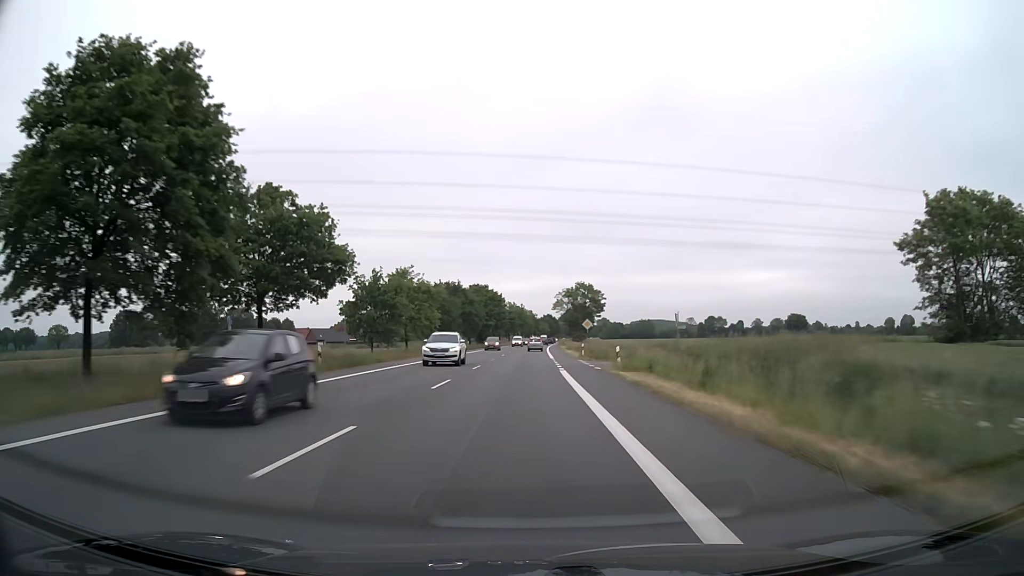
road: primary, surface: asphalt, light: Day
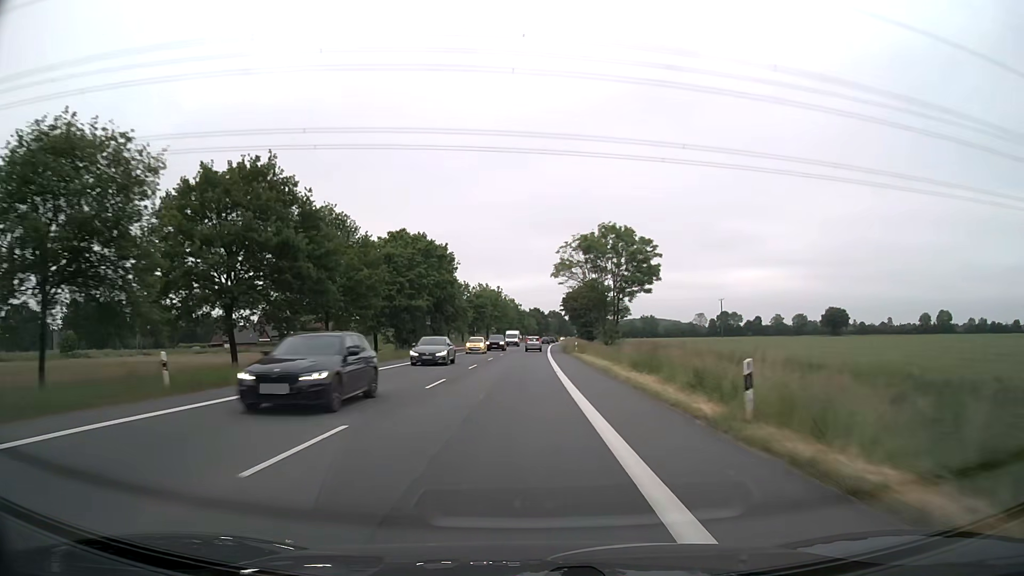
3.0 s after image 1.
(+1.2, +72.0) m; +2°
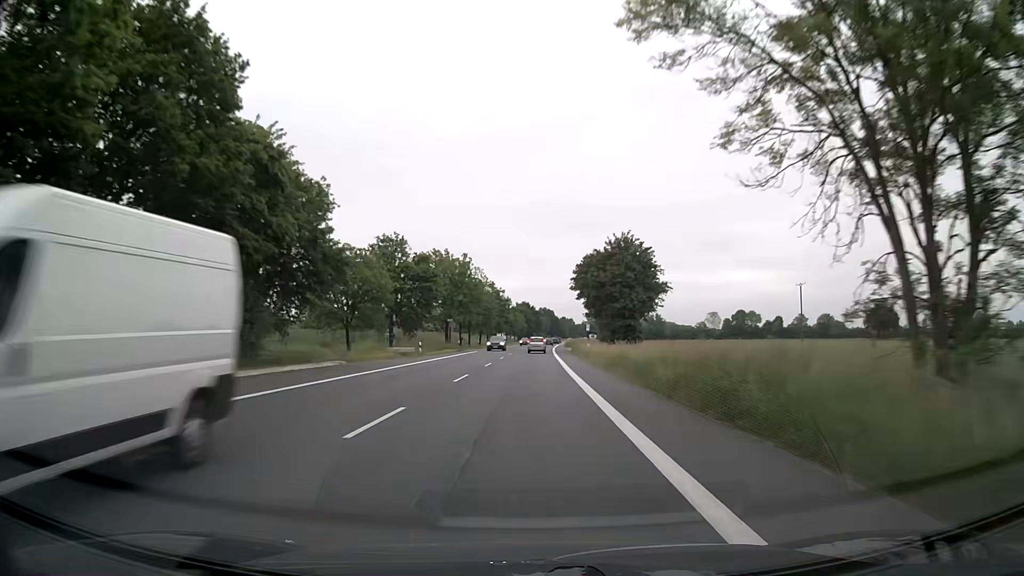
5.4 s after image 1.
(+0.3, +57.4) m; +1°
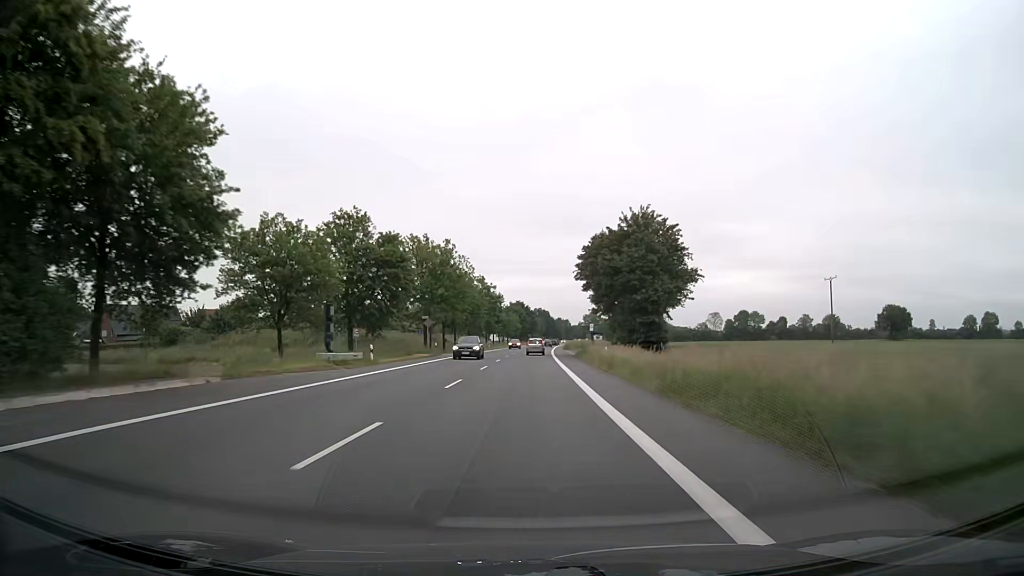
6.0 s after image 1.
(+0.1, +14.2) m; +1°
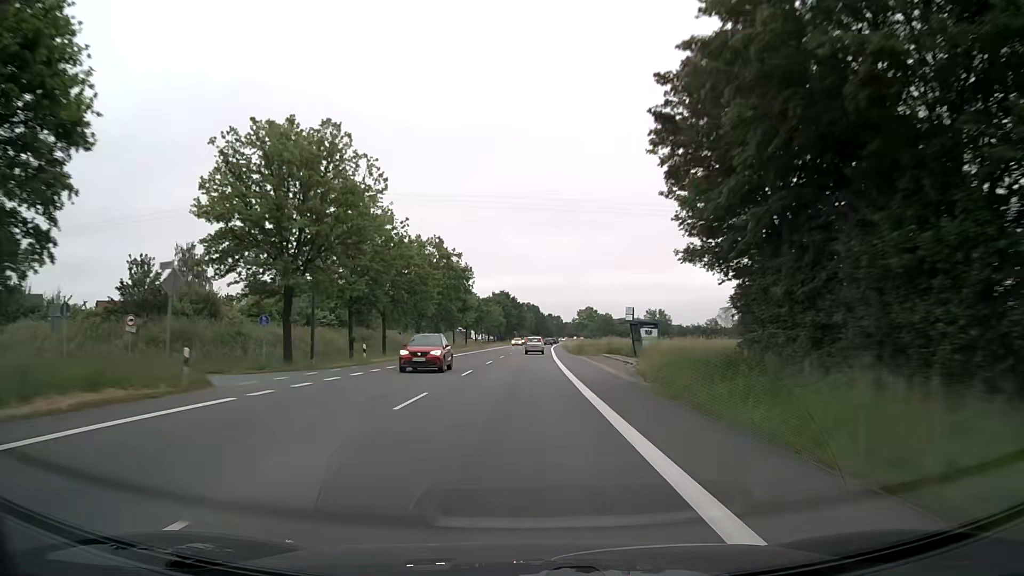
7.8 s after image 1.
(+0.5, +42.2) m; +1°
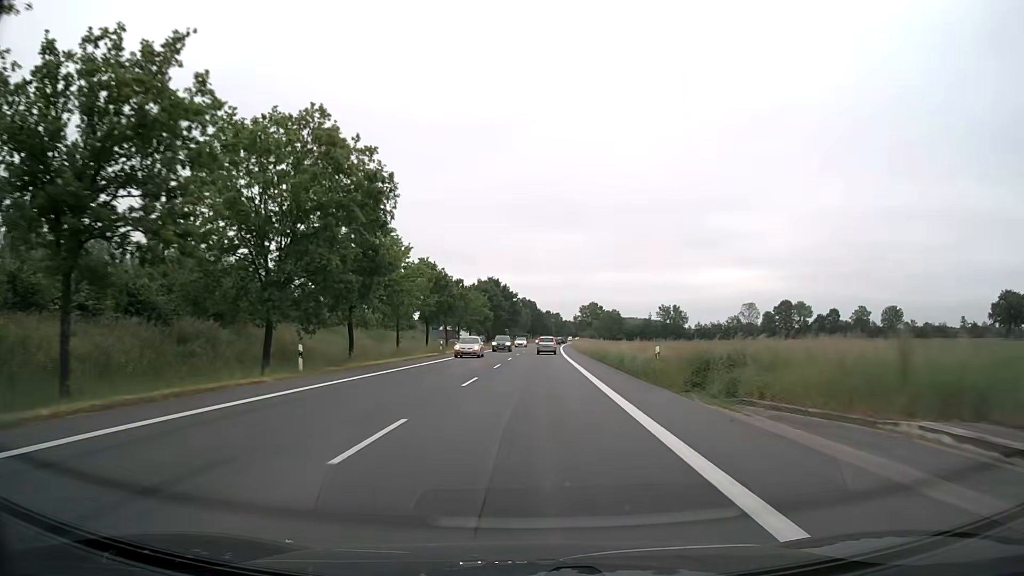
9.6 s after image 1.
(-0.1, +41.6) m; 0°
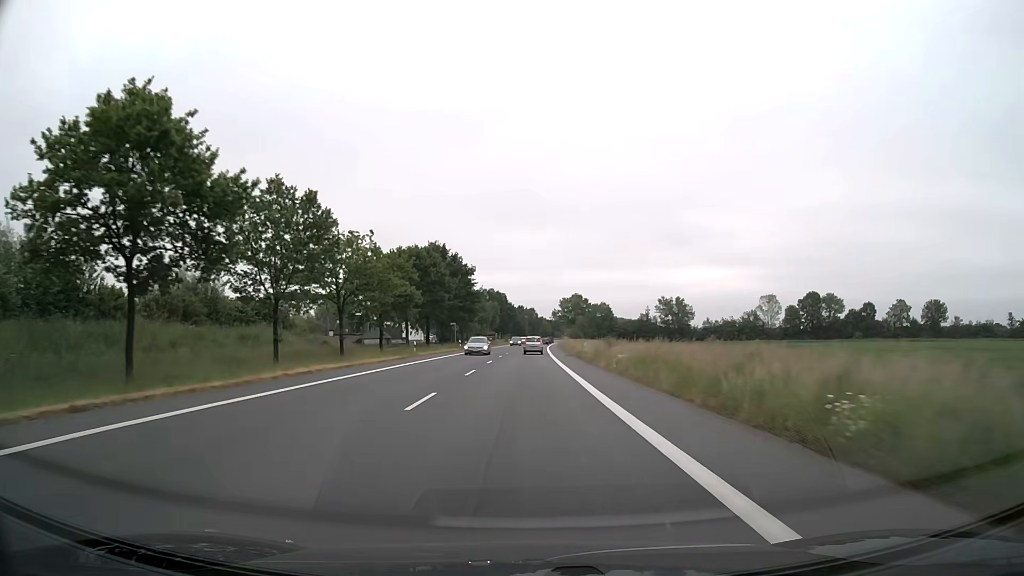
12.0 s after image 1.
(+1.2, +54.7) m; +2°
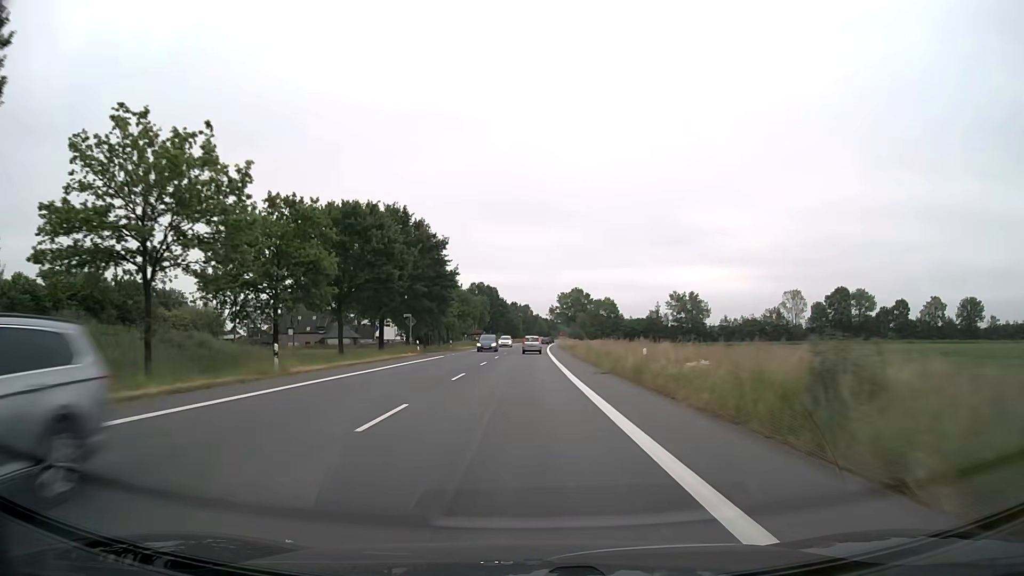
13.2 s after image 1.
(+0.2, +27.1) m; +1°

**Assigned task:**
Make a word-for-word copy of the records above, excluding all pictures.

**Task output:**
road: primary, surface: asphalt, light: Day
3.0 s after image 1.
(+1.2, +72.0) m; +2°
5.4 s after image 1.
(+0.3, +57.4) m; +1°
6.0 s after image 1.
(+0.1, +14.2) m; +1°
7.8 s after image 1.
(+0.5, +42.2) m; +1°
9.6 s after image 1.
(-0.1, +41.6) m; 0°
12.0 s after image 1.
(+1.2, +54.7) m; +2°
13.2 s after image 1.
(+0.2, +27.1) m; +1°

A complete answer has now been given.